Instructions for the task:
For this exercise, please find the lines in the entries that include the word "width" and copy them.
### Data to use ###
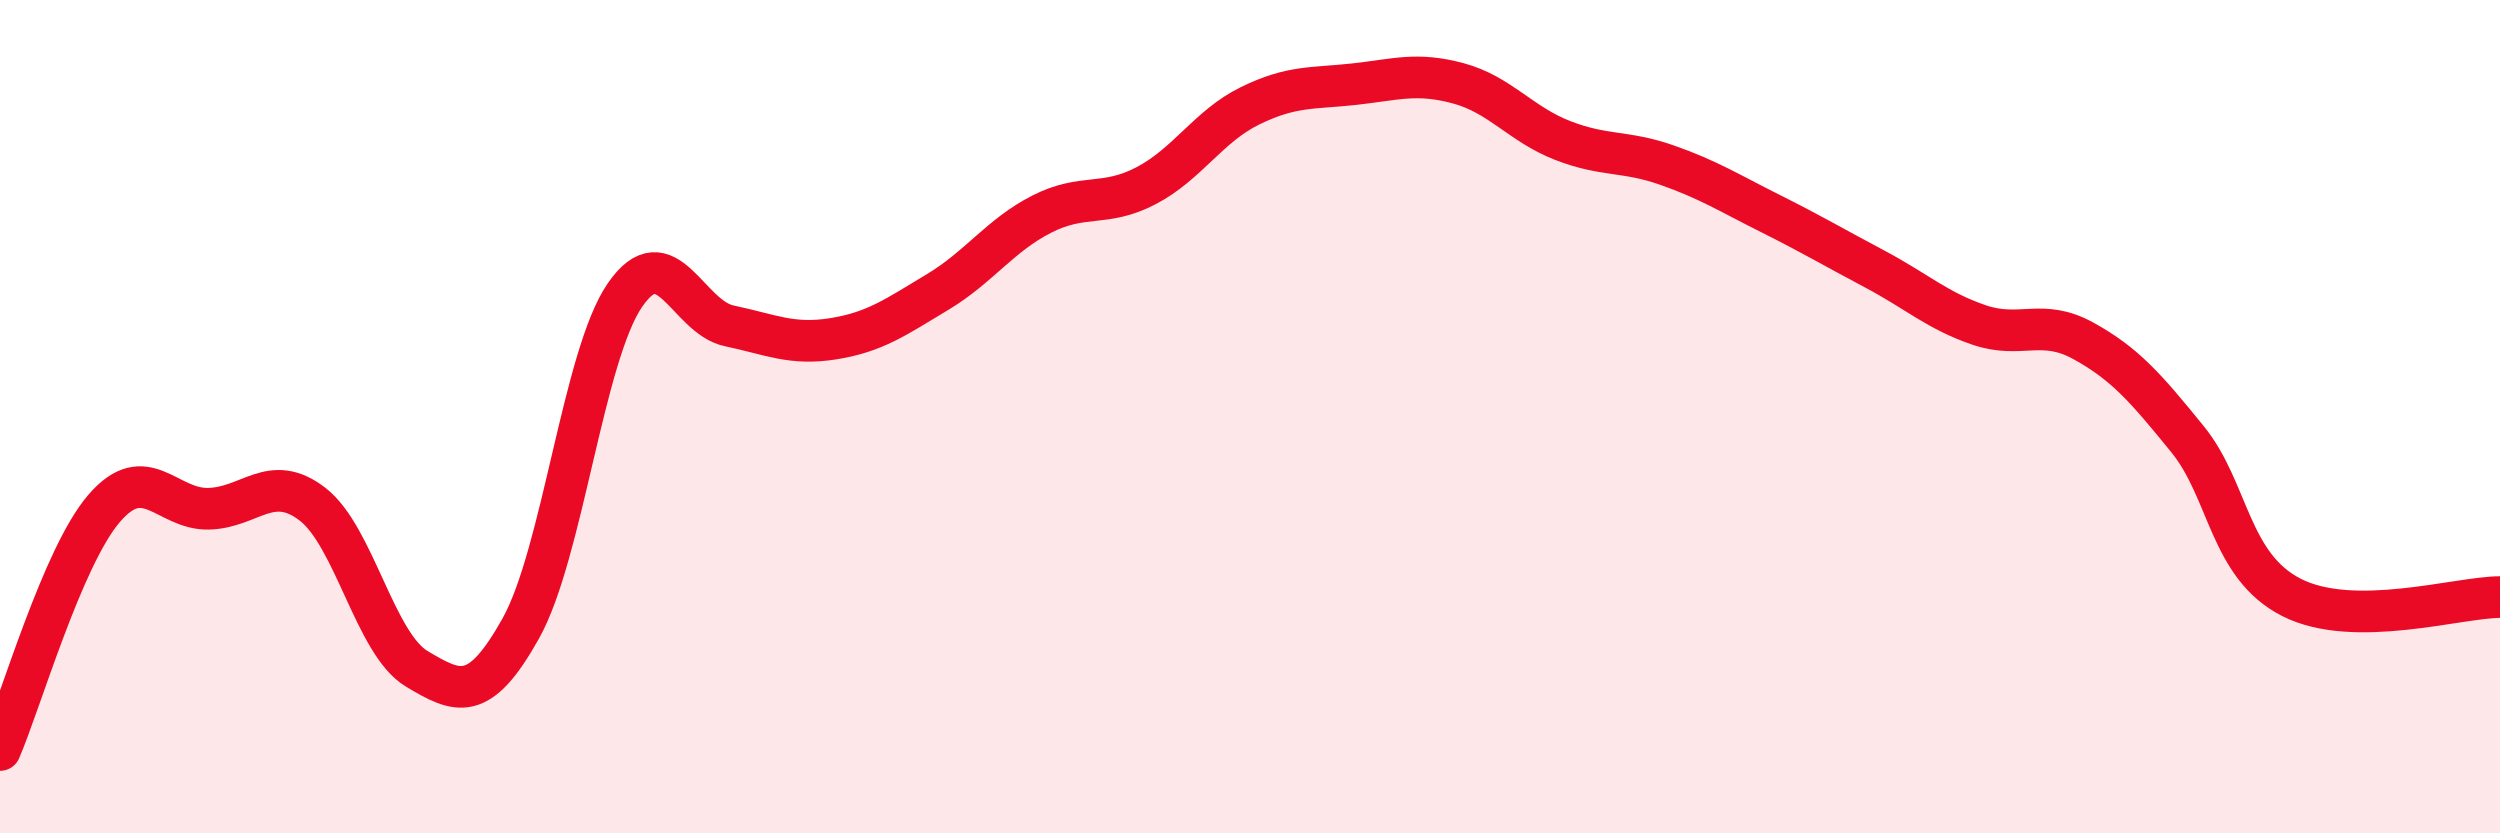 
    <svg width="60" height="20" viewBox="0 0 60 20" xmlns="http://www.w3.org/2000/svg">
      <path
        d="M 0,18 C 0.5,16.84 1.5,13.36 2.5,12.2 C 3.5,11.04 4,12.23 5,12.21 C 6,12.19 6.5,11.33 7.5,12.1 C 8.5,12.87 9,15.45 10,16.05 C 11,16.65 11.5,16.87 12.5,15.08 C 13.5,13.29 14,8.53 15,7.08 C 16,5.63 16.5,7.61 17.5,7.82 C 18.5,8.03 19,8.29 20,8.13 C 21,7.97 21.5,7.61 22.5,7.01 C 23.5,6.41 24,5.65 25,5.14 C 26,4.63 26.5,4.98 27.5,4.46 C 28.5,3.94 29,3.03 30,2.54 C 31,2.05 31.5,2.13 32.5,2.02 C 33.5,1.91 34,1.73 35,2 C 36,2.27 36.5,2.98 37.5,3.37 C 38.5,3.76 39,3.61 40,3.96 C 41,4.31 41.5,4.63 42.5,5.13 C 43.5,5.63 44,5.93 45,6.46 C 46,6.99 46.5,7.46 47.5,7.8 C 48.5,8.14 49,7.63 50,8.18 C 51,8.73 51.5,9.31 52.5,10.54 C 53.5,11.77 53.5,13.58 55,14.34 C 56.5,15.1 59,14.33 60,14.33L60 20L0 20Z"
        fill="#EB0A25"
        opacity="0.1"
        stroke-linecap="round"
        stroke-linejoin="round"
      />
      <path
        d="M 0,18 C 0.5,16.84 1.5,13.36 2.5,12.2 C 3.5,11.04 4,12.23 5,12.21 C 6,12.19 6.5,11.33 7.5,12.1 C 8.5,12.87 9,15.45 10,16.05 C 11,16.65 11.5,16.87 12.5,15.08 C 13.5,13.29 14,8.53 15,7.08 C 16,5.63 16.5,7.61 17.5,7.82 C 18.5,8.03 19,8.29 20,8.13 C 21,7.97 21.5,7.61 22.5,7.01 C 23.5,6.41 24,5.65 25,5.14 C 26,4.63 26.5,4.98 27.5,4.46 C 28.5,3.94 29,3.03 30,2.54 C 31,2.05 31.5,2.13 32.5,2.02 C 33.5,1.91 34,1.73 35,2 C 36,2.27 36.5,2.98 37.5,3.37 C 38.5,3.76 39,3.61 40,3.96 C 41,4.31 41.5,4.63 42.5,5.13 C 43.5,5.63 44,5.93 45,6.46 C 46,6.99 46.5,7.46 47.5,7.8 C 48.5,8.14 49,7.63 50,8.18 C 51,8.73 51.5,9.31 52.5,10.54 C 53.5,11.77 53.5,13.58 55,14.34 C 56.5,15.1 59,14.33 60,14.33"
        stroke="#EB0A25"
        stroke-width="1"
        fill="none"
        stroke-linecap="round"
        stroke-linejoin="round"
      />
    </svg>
###
Your response:
    <svg width="60" height="20" viewBox="0 0 60 20" xmlns="http://www.w3.org/2000/svg">
        stroke-width="1"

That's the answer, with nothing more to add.